■ **Assignment**
All lines from the start of the listing below through the line containing "អីក៏ថោកដល់ថ្នាក់ហ្នឹង" are to be written out again exactly, and no others.

══ Input records ══

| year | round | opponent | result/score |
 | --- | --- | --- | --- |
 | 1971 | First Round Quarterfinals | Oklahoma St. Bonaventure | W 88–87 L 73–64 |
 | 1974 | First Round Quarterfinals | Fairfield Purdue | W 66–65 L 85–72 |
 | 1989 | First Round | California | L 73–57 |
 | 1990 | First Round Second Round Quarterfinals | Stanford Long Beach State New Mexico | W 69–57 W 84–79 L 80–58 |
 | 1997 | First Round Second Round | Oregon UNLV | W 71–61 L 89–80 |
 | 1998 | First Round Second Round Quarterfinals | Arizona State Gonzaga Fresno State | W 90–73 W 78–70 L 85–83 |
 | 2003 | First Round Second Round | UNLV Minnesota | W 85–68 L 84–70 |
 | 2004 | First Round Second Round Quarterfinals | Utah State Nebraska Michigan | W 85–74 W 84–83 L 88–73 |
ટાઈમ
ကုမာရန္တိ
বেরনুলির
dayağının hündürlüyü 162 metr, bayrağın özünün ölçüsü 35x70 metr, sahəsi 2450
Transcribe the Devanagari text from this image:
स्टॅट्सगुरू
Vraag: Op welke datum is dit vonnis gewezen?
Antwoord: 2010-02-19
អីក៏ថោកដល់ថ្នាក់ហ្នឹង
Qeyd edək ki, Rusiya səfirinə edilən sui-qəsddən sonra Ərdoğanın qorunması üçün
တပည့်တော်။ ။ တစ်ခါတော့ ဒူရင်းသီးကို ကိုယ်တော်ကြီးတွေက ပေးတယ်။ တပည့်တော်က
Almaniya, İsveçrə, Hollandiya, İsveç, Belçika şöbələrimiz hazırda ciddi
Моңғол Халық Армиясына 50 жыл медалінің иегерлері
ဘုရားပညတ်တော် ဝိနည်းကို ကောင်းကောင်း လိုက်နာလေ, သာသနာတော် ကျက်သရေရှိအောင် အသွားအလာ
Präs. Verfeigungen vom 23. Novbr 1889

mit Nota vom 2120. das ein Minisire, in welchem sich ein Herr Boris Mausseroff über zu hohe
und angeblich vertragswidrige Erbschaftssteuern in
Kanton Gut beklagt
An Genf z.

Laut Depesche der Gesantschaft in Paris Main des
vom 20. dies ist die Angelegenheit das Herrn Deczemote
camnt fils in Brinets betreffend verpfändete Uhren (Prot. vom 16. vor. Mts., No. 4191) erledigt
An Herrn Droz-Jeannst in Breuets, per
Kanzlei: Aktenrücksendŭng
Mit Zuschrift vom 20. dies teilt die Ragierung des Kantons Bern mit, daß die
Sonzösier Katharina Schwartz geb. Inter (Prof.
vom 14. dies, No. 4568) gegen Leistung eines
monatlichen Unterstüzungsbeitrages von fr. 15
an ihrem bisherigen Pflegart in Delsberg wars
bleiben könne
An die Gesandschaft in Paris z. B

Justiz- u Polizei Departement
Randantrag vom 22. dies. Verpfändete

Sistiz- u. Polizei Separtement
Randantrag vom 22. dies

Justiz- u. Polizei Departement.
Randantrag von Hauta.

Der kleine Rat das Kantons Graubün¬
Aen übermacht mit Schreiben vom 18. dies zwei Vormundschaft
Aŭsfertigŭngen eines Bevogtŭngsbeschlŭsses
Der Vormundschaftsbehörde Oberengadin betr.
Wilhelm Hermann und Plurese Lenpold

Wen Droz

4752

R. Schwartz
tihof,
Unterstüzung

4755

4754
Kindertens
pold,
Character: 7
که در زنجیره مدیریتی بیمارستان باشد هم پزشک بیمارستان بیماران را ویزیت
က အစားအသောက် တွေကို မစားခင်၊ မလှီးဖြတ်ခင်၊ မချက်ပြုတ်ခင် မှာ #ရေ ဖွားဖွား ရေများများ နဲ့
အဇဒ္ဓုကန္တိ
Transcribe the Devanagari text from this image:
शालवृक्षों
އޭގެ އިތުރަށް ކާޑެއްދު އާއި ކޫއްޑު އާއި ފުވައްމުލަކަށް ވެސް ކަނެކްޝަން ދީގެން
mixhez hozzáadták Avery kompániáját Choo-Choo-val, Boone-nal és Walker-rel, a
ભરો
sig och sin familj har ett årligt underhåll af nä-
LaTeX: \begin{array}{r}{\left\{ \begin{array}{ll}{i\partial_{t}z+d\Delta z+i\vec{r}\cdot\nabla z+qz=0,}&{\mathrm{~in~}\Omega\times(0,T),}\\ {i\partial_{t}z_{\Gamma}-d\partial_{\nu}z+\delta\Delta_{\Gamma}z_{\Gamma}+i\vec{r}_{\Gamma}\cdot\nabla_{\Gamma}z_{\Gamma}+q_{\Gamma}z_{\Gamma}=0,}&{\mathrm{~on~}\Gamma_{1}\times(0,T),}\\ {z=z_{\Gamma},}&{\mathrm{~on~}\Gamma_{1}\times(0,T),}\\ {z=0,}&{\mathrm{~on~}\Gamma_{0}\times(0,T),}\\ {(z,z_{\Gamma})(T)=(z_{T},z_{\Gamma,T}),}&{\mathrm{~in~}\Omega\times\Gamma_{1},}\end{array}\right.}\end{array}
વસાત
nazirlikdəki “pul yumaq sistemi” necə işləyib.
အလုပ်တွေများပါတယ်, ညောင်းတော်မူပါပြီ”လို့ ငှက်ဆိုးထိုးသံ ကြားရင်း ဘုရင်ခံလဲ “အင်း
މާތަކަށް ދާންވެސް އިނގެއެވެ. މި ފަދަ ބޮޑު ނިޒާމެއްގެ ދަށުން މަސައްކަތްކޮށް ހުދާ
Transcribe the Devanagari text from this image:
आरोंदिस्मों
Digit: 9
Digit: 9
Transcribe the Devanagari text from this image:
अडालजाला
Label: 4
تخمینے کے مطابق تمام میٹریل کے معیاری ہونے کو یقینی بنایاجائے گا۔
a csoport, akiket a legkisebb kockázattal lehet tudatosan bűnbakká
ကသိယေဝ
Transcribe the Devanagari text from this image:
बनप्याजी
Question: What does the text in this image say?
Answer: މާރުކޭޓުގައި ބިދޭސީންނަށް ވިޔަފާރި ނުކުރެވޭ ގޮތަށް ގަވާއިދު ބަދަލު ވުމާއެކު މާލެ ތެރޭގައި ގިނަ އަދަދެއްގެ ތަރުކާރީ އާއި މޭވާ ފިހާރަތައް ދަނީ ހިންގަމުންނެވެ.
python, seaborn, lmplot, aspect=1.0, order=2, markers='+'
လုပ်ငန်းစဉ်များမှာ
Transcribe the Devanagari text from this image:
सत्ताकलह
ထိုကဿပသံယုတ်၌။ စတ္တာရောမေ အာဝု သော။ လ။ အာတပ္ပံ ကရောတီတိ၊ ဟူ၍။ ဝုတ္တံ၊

═══

■ **Answer to this problem**
| year | round | opponent | result/score |
 | --- | --- | --- | --- |
 | 1971 | First Round Quarterfinals | Oklahoma St. Bonaventure | W 88–87 L 73–64 |
 | 1974 | First Round Quarterfinals | Fairfield Purdue | W 66–65 L 85–72 |
 | 1989 | First Round | California | L 73–57 |
 | 1990 | First Round Second Round Quarterfinals | Stanford Long Beach State New Mexico | W 69–57 W 84–79 L 80–58 |
 | 1997 | First Round Second Round | Oregon UNLV | W 71–61 L 89–80 |
 | 1998 | First Round Second Round Quarterfinals | Arizona State Gonzaga Fresno State | W 90–73 W 78–70 L 85–83 |
 | 2003 | First Round Second Round | UNLV Minnesota | W 85–68 L 84–70 |
 | 2004 | First Round Second Round Quarterfinals | Utah State Nebraska Michigan | W 85–74 W 84–83 L 88–73 |
ટાઈમ
ကုမာရန္တိ
বেরনুলির
dayağının hündürlüyü 162 metr, bayrağın özünün ölçüsü 35x70 metr, sahəsi 2450
Transcribe the Devanagari text from this image:
स्टॅट्सगुरू
Vraag: Op welke datum is dit vonnis gewezen?
Antwoord: 2010-02-19
អីក៏ថោកដល់ថ្នាក់ហ្នឹង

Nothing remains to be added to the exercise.